The confusion matrix in
Figure 7 is a comparison of the different bearing fault diagnostic models with signal-to-noise ratios of −5 dB. The confusion matrix plot of the model in this paper has the highest accuracy, and lowest misidentification rates. This paper shows how the methods can be used to achieve high-precision diagnosis with robustness in noisy environments.
The outputs of each model are visualized using t-SNE at a signal-to-noise ratio of −5 dB. The graph (d), in
Figure 8, shows that this model is superior to other deep learning models in clustering fault features and identifying bearings of different health states. It also provides a more accurate classification.
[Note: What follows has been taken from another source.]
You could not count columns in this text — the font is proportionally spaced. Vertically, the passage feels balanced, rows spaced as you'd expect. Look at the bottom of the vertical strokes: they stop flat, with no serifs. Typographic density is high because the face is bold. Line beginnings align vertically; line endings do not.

4.5. Single Noise Experiment
In the above noise experiments, we used Gauss and Laplace noise as input noises, but also added Gauss, Poisson, and Salt-and Pepper noises to the signal. These two experiments showed that adding Salt-and-Pepper noise and Poisson to the vibration signals reduced the accuracy of the models. The following experiments will be based on this model, and we will add Salt-and-Pepper noise and Poisson to the vibration signals as one input signal to investigate the impact of the two noise types on bearing fault diagnosis.
The experiment yielded
Table 11, which showed that a single Salt-and-Pepper noise caused more localized damage, making it harder for the model to extract effective features. This led to relatively poor diagnostic accuracy. The model is still able to perform well despite a Salt-and-Pepper noise. Its accuracy remains over 85%. We usually believe that noise in vibration signal processing will reduce the recognition of certain features. This, in turn, affects the accuracy. However, experimental results show that the simultaneous addition of Gauss noise, Salt-and-Pepper noise, and Poisson noise to the signal, on the contrary, achieves a higher recognition accuracy than when pretzel noise is added alone. From the perspective of noise type, Salt-and-Pepper noise is a sparse discrete noise, which is mainly manifested by the abrupt change of individual points in the signal, and it is very easy to destroy the continuity and local characteristics of the signal, whereas Gauss noise is a kind of additive continuous and widely distributed random noise [
31]. When these two types of noise act together on the vibration signal, a “complementary effect” is formed to some extent [
32], and the Gauss noise smooths out some of the extreme pretzel points to make the signal trend more coherent, which helps the model to extract effective features. From the perspective of signal preprocessing and feature extraction, the main components of the signal after multi-noise perturbation are still preserved when it is processed by filtering (e.g., continuous wavelet transform) or feature extraction, while the Salt-and-Pepper noise may be diluted in the frequency domain, which has less impact on the fault features. As a result, the model can focus more on stable, global information rather than being misled by local noise. The introduction of multiple noises not only effectively counteracts the local destructive effect of a single noise type on model training, but also enhances the model’s ability to adapt to complex disturbed environments. This “noise against noise” strategy [
33], to a certain extent, improves the accuracy of bearing fault diagnosis in the noise environment. The accuracy of this model is almost 100% in the Poisson environment. This indicates that it can deal well with vibration signals containing Poisson sound.